Historical & philosophical context [Master]

The complex-variable approach to quantum mechanics was pioneered by Bargmann in 1961 ^{[Bargmann 1961]}, who constructed the holomorphic representation space now named after him. Bargmann recognised that the creation and annihilation operators take their simplest form in the holomorphic picture: creation is multiplication and annihilation is differentiation. This representation made rigorous the informal "complex wave function" methods that physicists had used since Dirac and Fock in the 1930s.

Squeezed states were introduced in quantum optics by Stoler in 1970 and developed by Yuen, Hollenhorst, and Caves in the late 1970s and early 1980s. They arise naturally in the metaplectic representation studied by Weil (1964), Shale (1962), and Segal (1963). The experimental generation of squeezed light by Slusher et al. in 1985 opened the field of quantum-enhanced measurement, culminating in the use of squeezed states in the LIGO gravitational-wave detector to improve sensitivity beyond the standard quantum limit.

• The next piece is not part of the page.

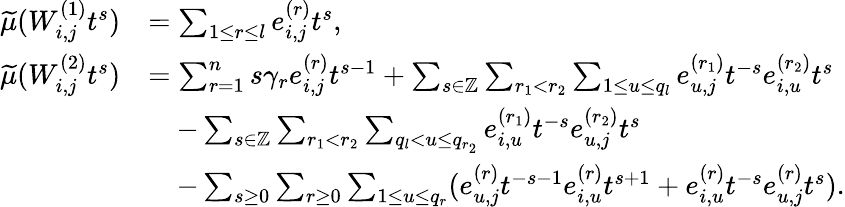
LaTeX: \begin{array}{rl}{\widetilde{\mu}(W_{i,j}^{(1)}t^{s})}&{=\sum_{1\leq r\leq l}e_{i,j}^{(r)}t^{s},}\\ {\widetilde{\mu}(W_{i,j}^{(2)}t^{s})}&{=\sum_{r=1}^{n}s\gamma_{r}e_{i,j}^{(r)}t^{s-1}+\sum_{s\in\mathbb{Z}}\sum_{r_{1}<r_{2}}\sum_{1\leq u\leq q_{l}}e_{u,j}^{(r_{1})}t^{-s}e_{i,u}^{(r_{2})}t^{s}}\\ &{\quad-\sum_{s\in\mathbb{Z}}\sum_{r_{1}<r_{2}}\sum_{q_{l}<u\leq q_{r_{2}}}e_{i,u}^{(r_{1})}t^{-s}e_{u,j}^{(r_{2})}t^{s}}\\ &{\quad-\sum_{s\geq 0}\sum_{r\geq 0}\sum_{1\leq u\leq q_{r}}(e_{u,j}^{(r)}t^{-s-1}e_{i,u}^{(r)}t^{s+1}+e_{i,u}^{(r)}t^{-s}e_{u,j}^{(r)}t^{s}).}\end{array}

Philosophically, squeezed states demonstrate that quantum uncertainty is not a single number but has directional structure in phase space. The Heisenberg bound constrains the product of uncertainties, but not their individual values. By squeezing uncertainty into an unwanted direction, one can achieve precision in the desired direction beyond what an isotropic (coherent) state allows, embodying the principle that quantum limits are resource bounds rather than absolute barriers.